The Distributional Compositional Categorical (DisCoCat) model is a mathematical framework that provides compositional semantics for meanings of natural language sentences. It consists of a computational procedure for constructing meanings of sentences, given their grammatical structure in terms of compositional type-logic, and given the empirically derived meanings of their words. For the particular case that the meaning of words is modelled within a distributional vector space model, its experimental predictions, derived from real large scale data, have outperformed other empirically validated methods that could build vectors for a full sentence. This success can be attributed to a conceptually motivated mathematical underpinning, something which the other methods lack, by integrating qualitative compositional type-logic and quantitative modelling of meaning within a category-theoretic mathematical framework.
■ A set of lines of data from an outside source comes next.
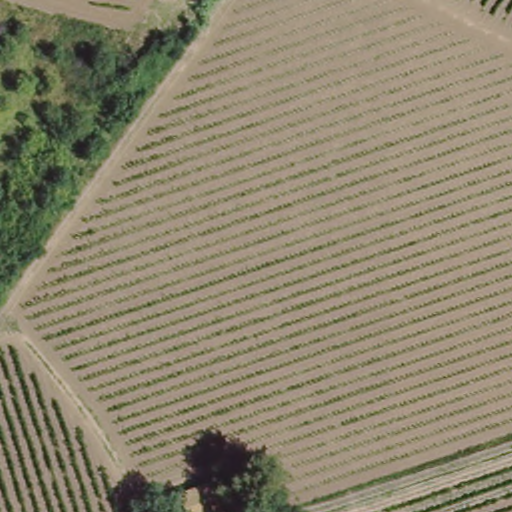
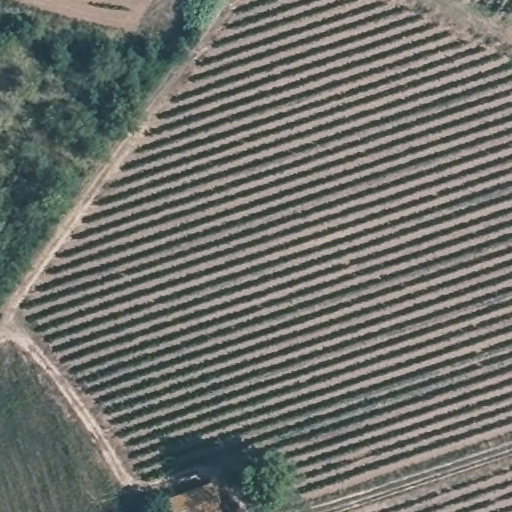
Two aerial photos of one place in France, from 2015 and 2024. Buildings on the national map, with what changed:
unchanged [(158,499),(207,484),(218,512),(163,512),(158,499)]

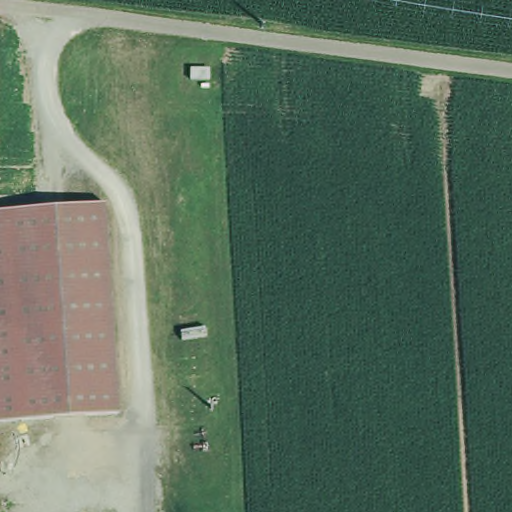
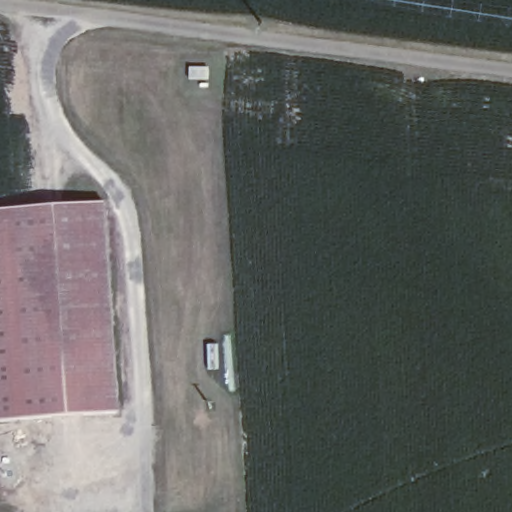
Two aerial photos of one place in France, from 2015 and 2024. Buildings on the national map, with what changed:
unchanged [(115,417),(0,425),(0,214),(100,207),(115,417)]

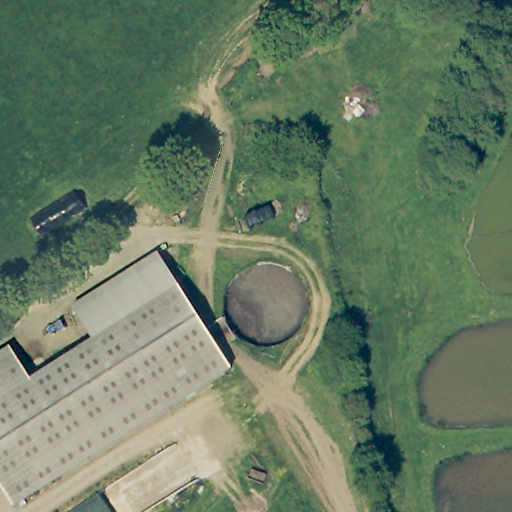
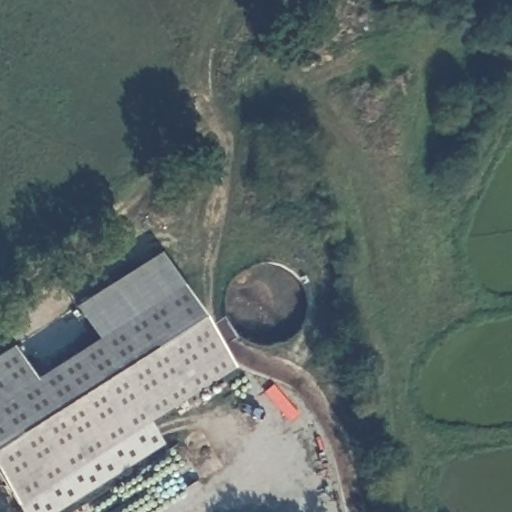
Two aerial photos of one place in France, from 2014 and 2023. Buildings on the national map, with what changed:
unchanged [(98,343),(77,310),(162,255),(183,288),(98,343)]
unchanged [(235,368),(21,506),(0,474),(0,356),(15,347),(38,382),(98,343),(183,288),(235,368)]
new [(162,445),(55,512),(25,512),(21,506),(143,427),(149,424),(162,445)]

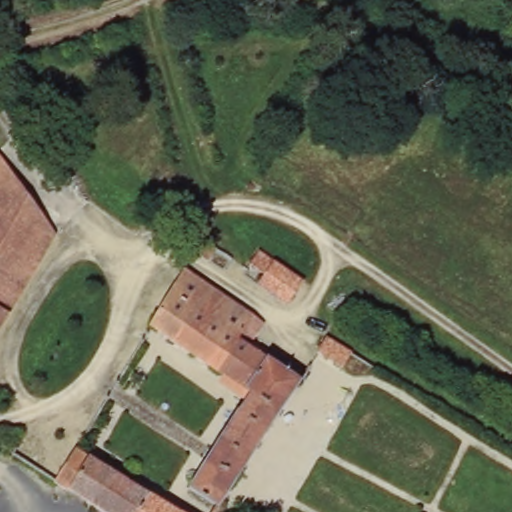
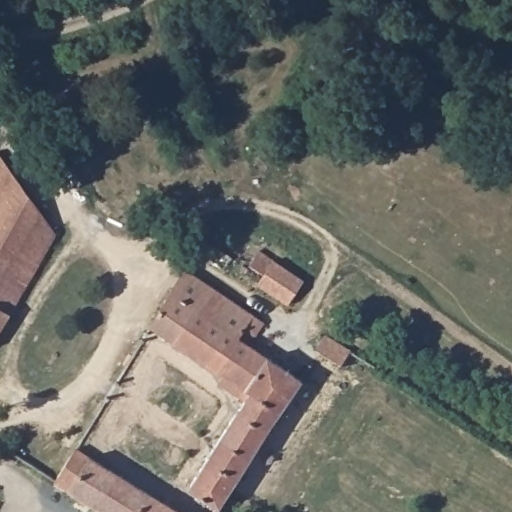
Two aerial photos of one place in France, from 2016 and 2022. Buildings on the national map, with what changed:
unchanged [(0,335),(0,157),(59,237),(0,335)]
unchanged [(217,249),(210,260),(197,251),(204,240),(217,249)]
unchanged [(306,284),(288,307),(256,285),(264,275),(248,265),(258,251),(306,284)]
unchanged [(185,269),(267,322),(252,347),(270,357),(302,378),(222,509),(190,487),(248,392),(150,330),(185,269)]
unchanged [(327,337),(352,352),(341,367),(317,352),(327,337)]
unchanged [(72,449),(136,487),(175,512),(97,512),(52,485),(72,449)]

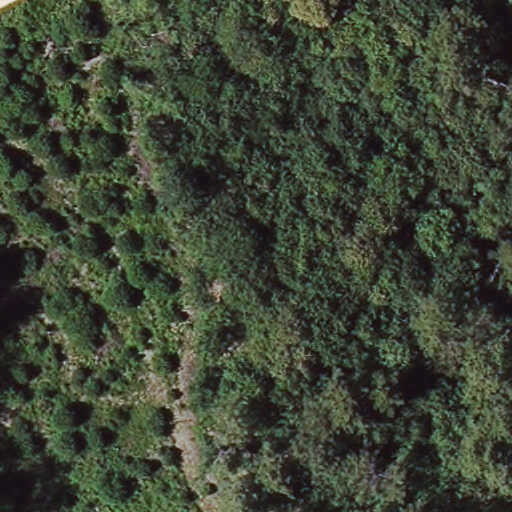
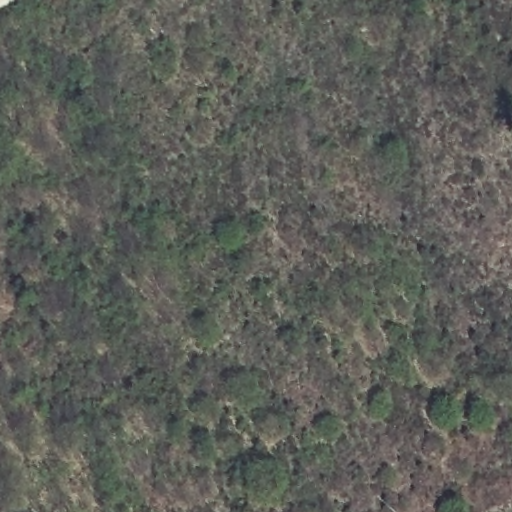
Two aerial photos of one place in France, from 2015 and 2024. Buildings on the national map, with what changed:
[]

The type-logic used in the DisCoCat model is Lambek's pregroup grammar. Pregroup types form a posetal compact closed category, which can be passed, in a functorial manner, on to the compact closed structure of vector spaces, linear maps and tensor product. The diagrammatic versions of the equational reasoning in compact closed categories can be interpreted as the flow of word meanings within sentences. Pregroups simplify Lambek's previous type-logic, the Lambek calculus. The latter and its extensions have been extensively used to formalise and reason about various linguistic phenomena. Hence, the apparent reliance of the DisCoCat on pregroups has been seen as a shortcoming. This paper addresses this concern, by pointing out that one may as well realise a functorial passage from the original type-logic of Lambek, a monoidal bi-closed category, to vector spaces, or to any other model of meaning organised within a monoidal bi-closed category. The corresponding string diagram calculus, due to Baez and Stay, now depicts the flow of word meanings, and also reflects the structure of the parse trees of the Lambek calculus.